═══ Material for the task ═══

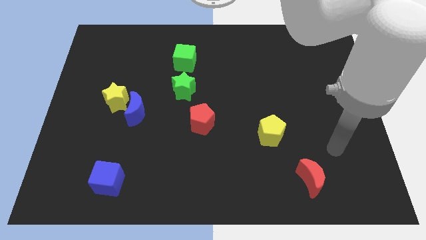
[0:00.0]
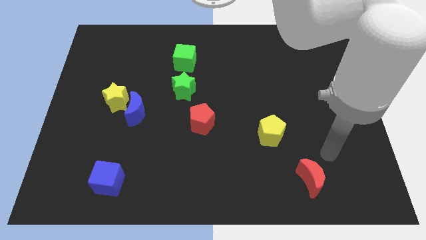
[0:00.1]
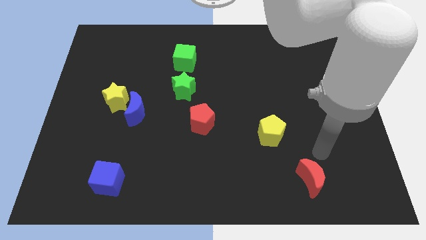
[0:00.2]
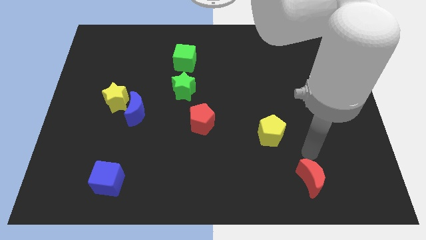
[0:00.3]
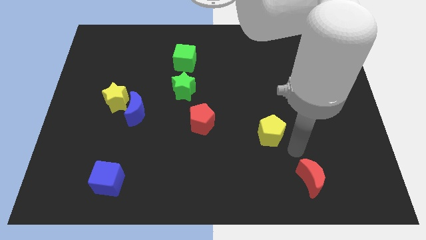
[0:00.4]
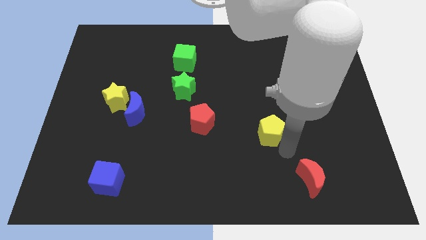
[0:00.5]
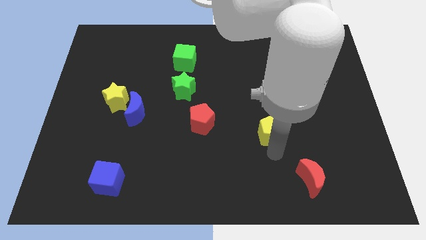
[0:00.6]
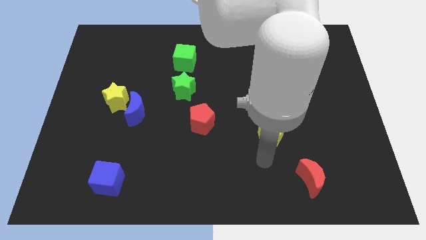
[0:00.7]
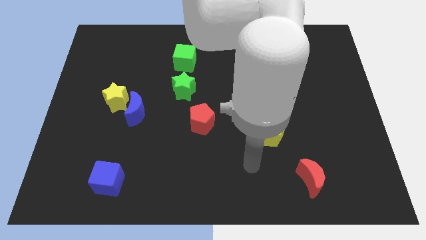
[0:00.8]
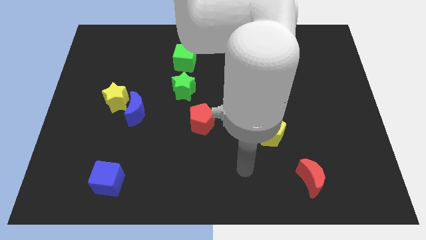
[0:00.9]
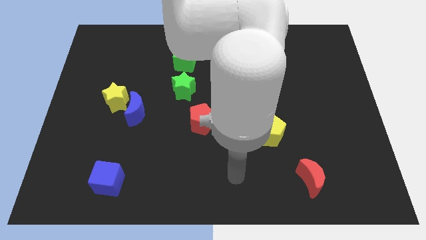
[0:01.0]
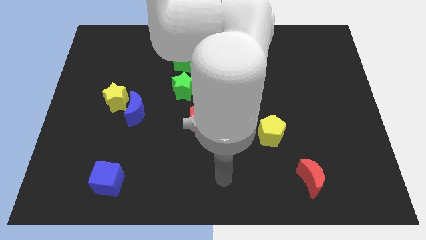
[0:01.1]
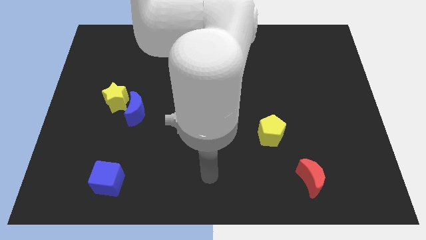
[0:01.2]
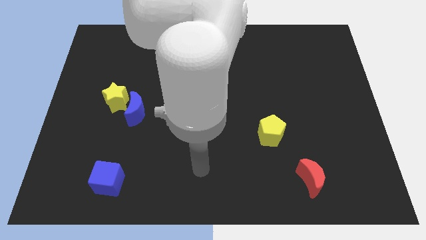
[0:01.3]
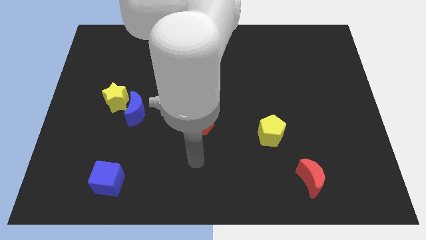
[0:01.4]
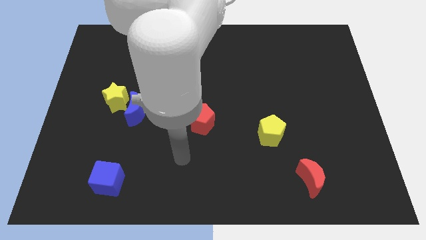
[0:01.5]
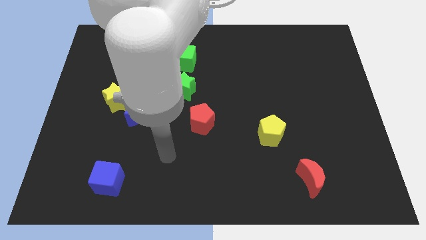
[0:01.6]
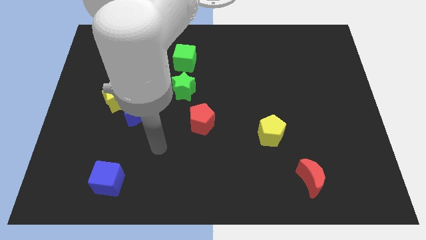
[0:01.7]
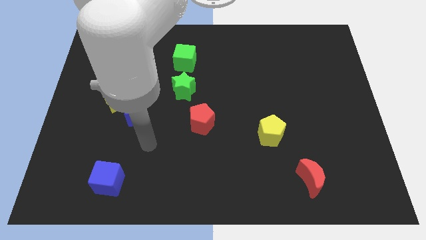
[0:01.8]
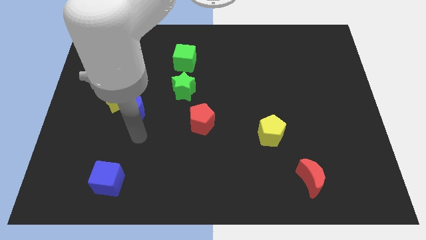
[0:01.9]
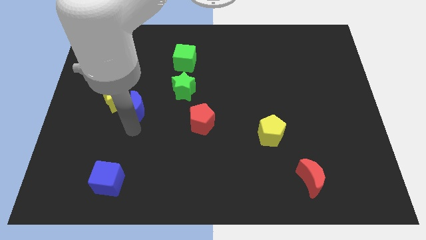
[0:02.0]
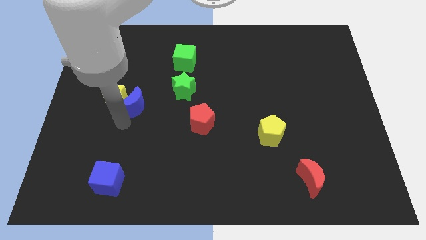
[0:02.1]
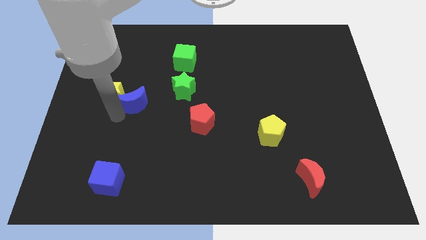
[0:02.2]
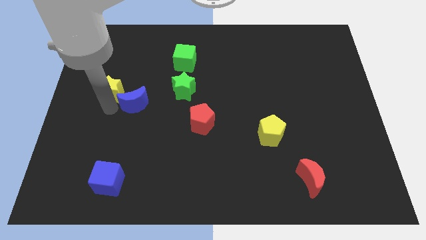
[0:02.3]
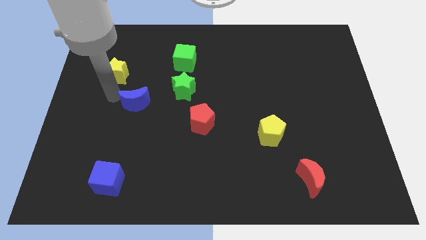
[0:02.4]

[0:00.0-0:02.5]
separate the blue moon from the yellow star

═══

▶ _Task requirements_: With the images omitted, retype the records above exactly.

▶ _Exercise answer_:
[0:00.0]
[0:00.1]
[0:00.2]
[0:00.3]
[0:00.4]
[0:00.5]
[0:00.6]
[0:00.7]
[0:00.8]
[0:00.9]
[0:01.0]
[0:01.1]
[0:01.2]
[0:01.3]
[0:01.4]
[0:01.5]
[0:01.6]
[0:01.7]
[0:01.8]
[0:01.9]
[0:02.0]
[0:02.1]
[0:02.2]
[0:02.3]
[0:02.4]

[0:00.0-0:02.5]
separate the blue moon from the yellow star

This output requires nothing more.